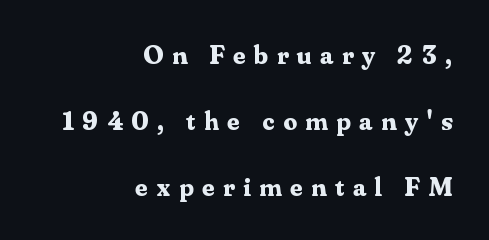
What's the leading like? Stretched, with rows far apart. Descenders hang freely into open space. Stroke thickness is high; the sample reads as a true bold. Ordinary non-slanted type is in use. The paragraph has a hard right edge and a soft left edge.
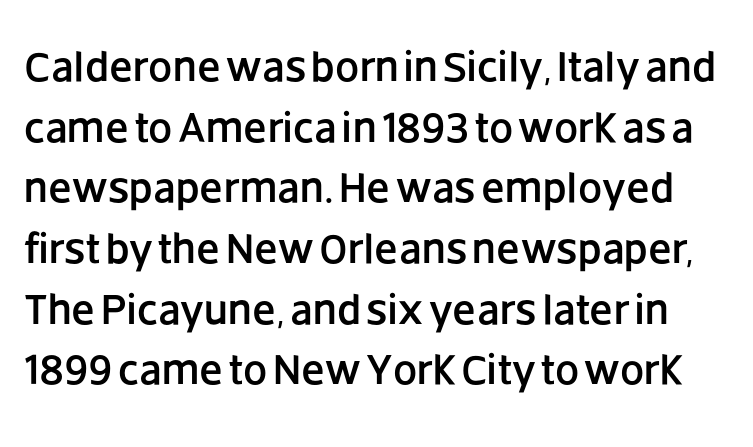
Q: Is the text italic (slanted)? A: No, it is upright.
Q: Is the typeface a serif or a sans-serif typeface? A: Sans-serif.
Q: Is the text underlined? A: No.
Q: Is the spacing between letters normal or unusually wide? A: Normal.
Q: Is the spacing between lines tight, normal or loose? A: Normal.
Q: Width (condensed, normal, or wide)? A: Normal.
Q: Stroke contrast? A: Low.
Q: x-height? A: Large.
Q: Monospaced? A: No.
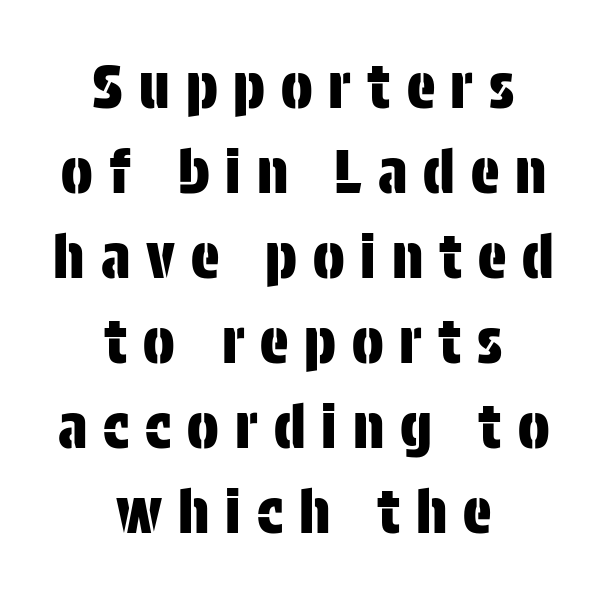
The lines are quadded center. Whoever set this chose a conventional vertical rhythm. Words appear elongated and porous because spacing is wide. This rendering features lettering with no underline. Does the type have serifs? No, each stem ends abruptly.
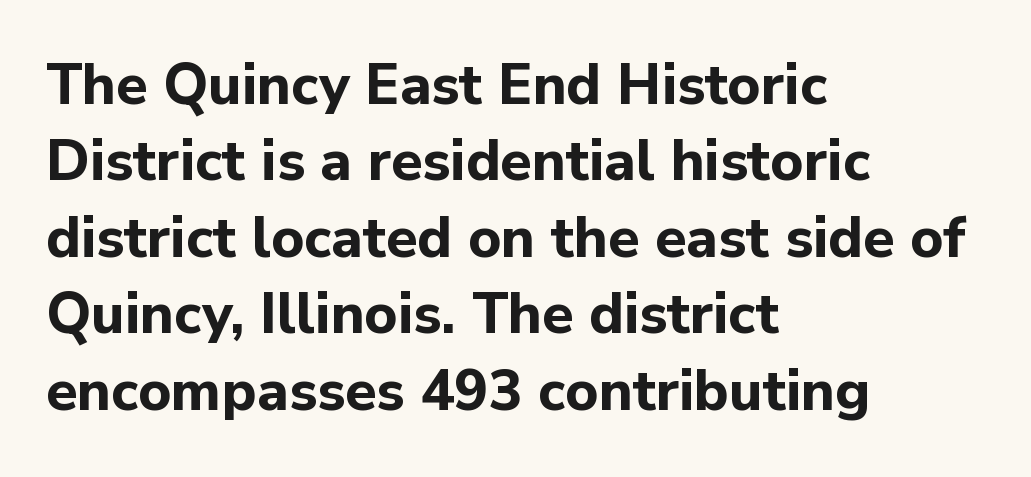
Students, this is bold: see how much ink each stroke carries. Serif or sans? Sans — the stroke terminals are bare. When letters stand straight like this, we call the style roman or upright. Here the designer chose a conventional face with non-uniform glyph widths. These lines are set flush left with a ragged right edge.
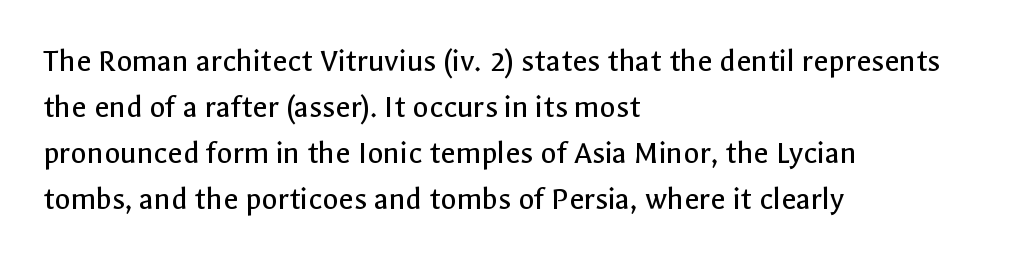
Students, note that the glyphs here touch the page at normal intervals. You can tell from the bare stems that sans-serif type was used. Note the varied advance widths — an 'i' is clearly narrower than an 'm'. Every row of glyphs begins at an identical x-position on the left.
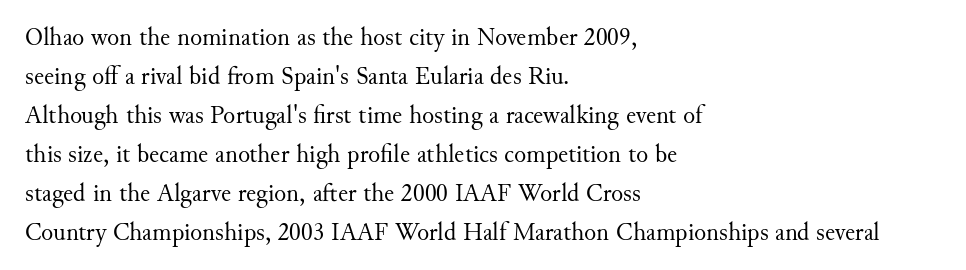
The space between consecutive lines is moderate. In terms of letterspacing, this is plain default setting. This rendering features lettering with no underline. Is the stroke heavy? The answer is a plain regular-or-lighter.
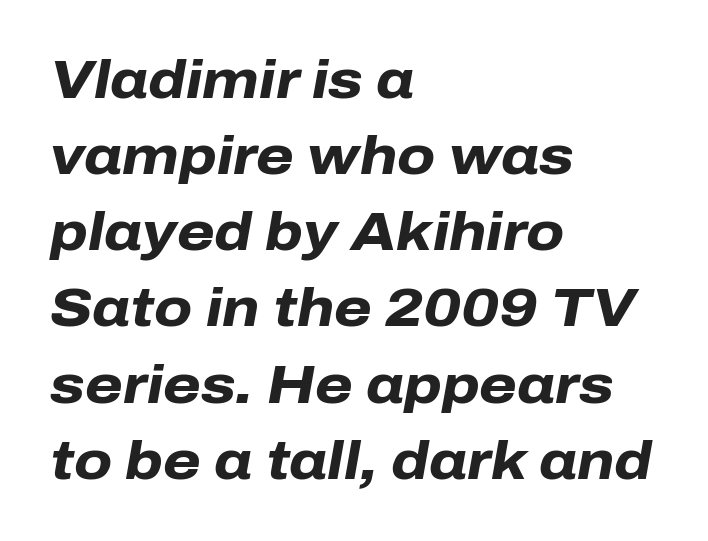
Q: Is the text bold? A: Yes.
Q: Is the text italic (slanted)? A: Yes, it leans right by about 10 degrees.
Q: Is the text underlined? A: No.
Q: How is the paragraph aligned? A: Left-aligned.
Q: Is the spacing between letters normal or unusually wide? A: Normal.
Q: Is the spacing between lines tight, normal or loose? A: Normal.
Q: Width (condensed, normal, or wide)? A: Normal.
Q: Stroke contrast? A: Low.
Q: x-height? A: Medium.
Q: Monospaced? A: No.
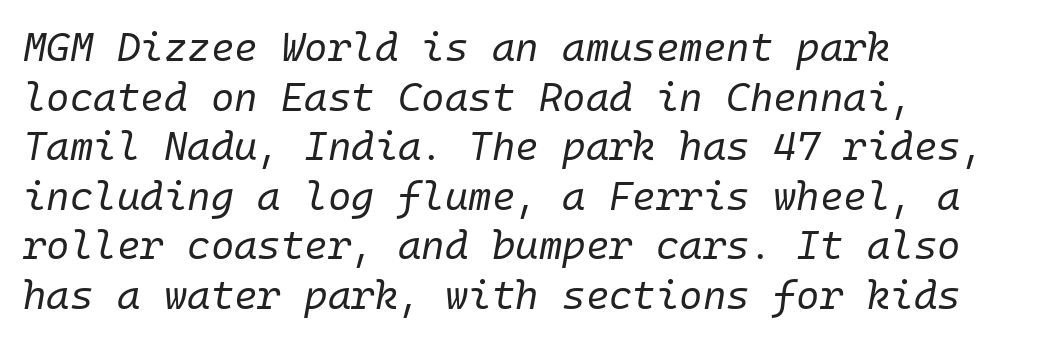
{"italic": "yes", "lean": "right", "slant_degrees": 10, "bold": "no", "weight": "regular", "width": "normal", "stroke_contrast": "low", "x_height": "medium", "underline": "no", "align": "left", "line_spacing_ratio": 1.24, "letter_spacing": "normal", "letter_spacing_em": 0.0, "glyph_px": 40}
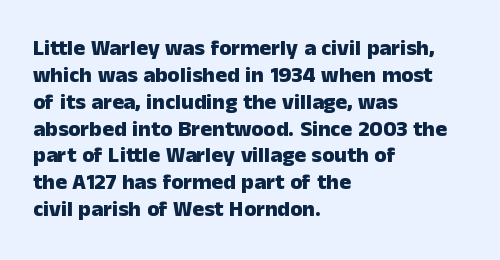
A typesetter would mark this as roman, not italic. What stands out about the letter spacing? Nothing — it is the standard amount. The baseline area is clear. Caption: bold face, heavy strokes.
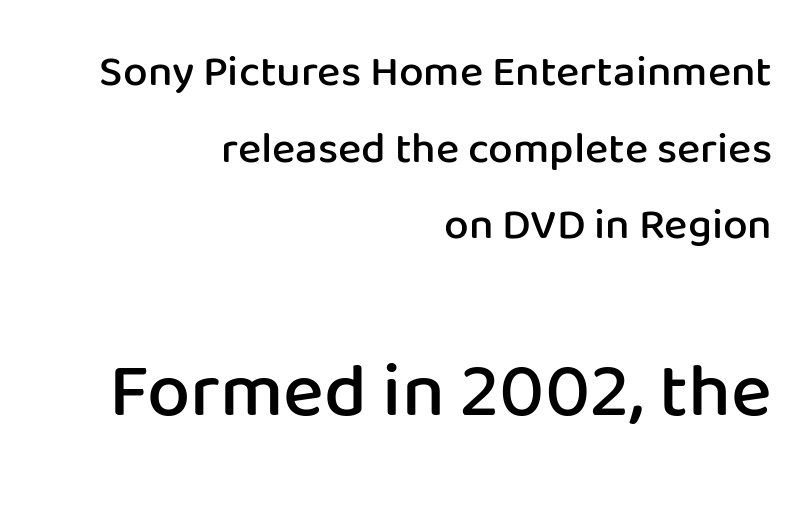
{"serif": "no", "italic": "no", "bold": "semi", "weight": "semibold", "width": "normal", "stroke_contrast": "low", "x_height": "medium", "monospaced": "no", "underline": "no", "align": "right", "line_spacing_ratio": 1.74, "letter_spacing": "normal", "letter_spacing_em": 0.0, "larger_block": "second", "size_ratio": 1.75, "glyph_px": 77}
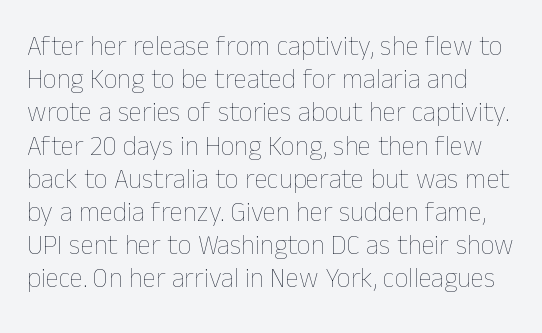
The image shows 27 px text type, upright; set line spacing 1.23x, normal letter spacing, not underlined.
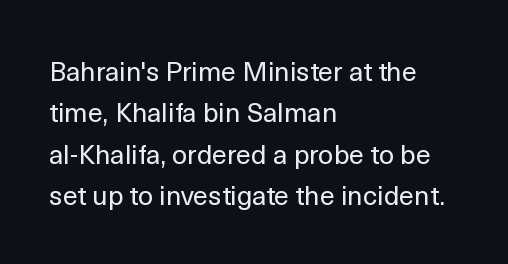
The image shows 27 px text type, upright; set left-aligned, normal line spacing (1.53x), normal letter spacing, not underlined.
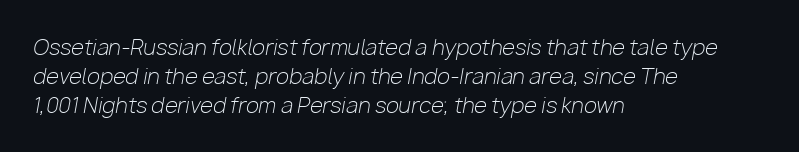
Line starts are locked; line ends wander. Standard letterfit; no display-style spreading of the glyphs. A typesetter would mark this as italic. The face looks like a standard text weight, possibly lighter.
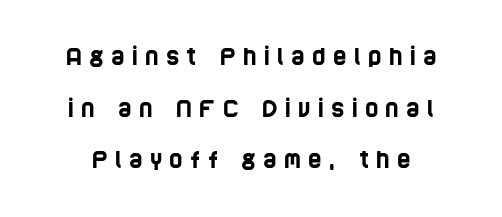
{"underline": "no", "line_spacing": "loose", "line_spacing_ratio": 2.25, "letter_spacing": "wide", "letter_spacing_em": 0.32, "glyph_px": 23}
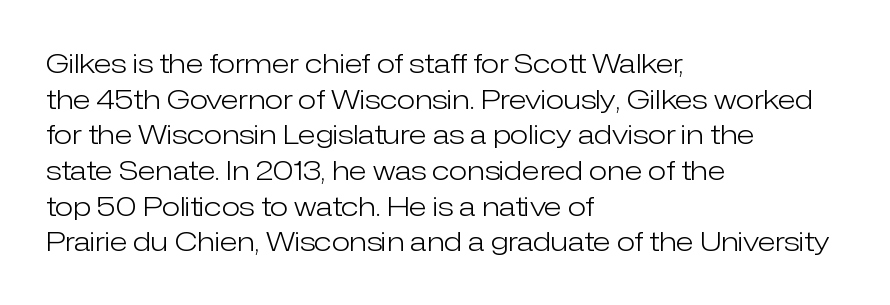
◇ ◇ ◇ ◇ ◇ ◇ ◇
» EXERCISE OBJECTIVE: Set down every record exactly, without the pictures.

» EXERCISE SOLUTION:
What's the leading like? Stretched, with rows far apart. Descenders hang freely into open space. Stroke thickness is high; the sample reads as a true bold. Ordinary non-slanted type is in use. The paragraph has a hard right edge and a soft left edge.
Q: Is the text italic (slanted)? A: No, it is upright.
Q: Is the typeface a serif or a sans-serif typeface? A: Sans-serif.
Q: Is the text underlined? A: No.
Q: Is the spacing between letters normal or unusually wide? A: Normal.
Q: Is the spacing between lines tight, normal or loose? A: Normal.
Q: Width (condensed, normal, or wide)? A: Normal.
Q: Stroke contrast? A: Low.
Q: x-height? A: Large.
Q: Monospaced? A: No.
The lines are quadded center. Whoever set this chose a conventional vertical rhythm. Words appear elongated and porous because spacing is wide. This rendering features lettering with no underline. Does the type have serifs? No, each stem ends abruptly.
Students, this is bold: see how much ink each stroke carries. Serif or sans? Sans — the stroke terminals are bare. When letters stand straight like this, we call the style roman or upright. Here the designer chose a conventional face with non-uniform glyph widths. These lines are set flush left with a ragged right edge.
Students, note that the glyphs here touch the page at normal intervals. You can tell from the bare stems that sans-serif type was used. Note the varied advance widths — an 'i' is clearly narrower than an 'm'. Every row of glyphs begins at an identical x-position on the left.
The space between consecutive lines is moderate. In terms of letterspacing, this is plain default setting. This rendering features lettering with no underline. Is the stroke heavy? The answer is a plain regular-or-lighter.
Q: Is the text bold? A: Yes.
Q: Is the text italic (slanted)? A: Yes, it leans right by about 10 degrees.
Q: Is the text underlined? A: No.
Q: How is the paragraph aligned? A: Left-aligned.
Q: Is the spacing between letters normal or unusually wide? A: Normal.
Q: Is the spacing between lines tight, normal or loose? A: Normal.
Q: Width (condensed, normal, or wide)? A: Normal.
Q: Stroke contrast? A: Low.
Q: x-height? A: Medium.
Q: Monospaced? A: No.
{"italic": "yes", "lean": "right", "slant_degrees": 10, "bold": "no", "weight": "regular", "width": "normal", "stroke_contrast": "low", "x_height": "medium", "underline": "no", "align": "left", "line_spacing_ratio": 1.24, "letter_spacing": "normal", "letter_spacing_em": 0.0, "glyph_px": 40}
A typesetter would mark this as roman, not italic. What stands out about the letter spacing? Nothing — it is the standard amount. The baseline area is clear. Caption: bold face, heavy strokes.
{"serif": "no", "italic": "no", "bold": "semi", "weight": "semibold", "width": "normal", "stroke_contrast": "low", "x_height": "medium", "monospaced": "no", "underline": "no", "align": "right", "line_spacing_ratio": 1.74, "letter_spacing": "normal", "letter_spacing_em": 0.0, "larger_block": "second", "size_ratio": 1.75, "glyph_px": 77}
The image shows 27 px text type, upright; set line spacing 1.23x, normal letter spacing, not underlined.
The image shows 27 px text type, upright; set left-aligned, normal line spacing (1.53x), normal letter spacing, not underlined.
Line starts are locked; line ends wander. Standard letterfit; no display-style spreading of the glyphs. A typesetter would mark this as italic. The face looks like a standard text weight, possibly lighter.
{"underline": "no", "line_spacing": "loose", "line_spacing_ratio": 2.25, "letter_spacing": "wide", "letter_spacing_em": 0.32, "glyph_px": 23}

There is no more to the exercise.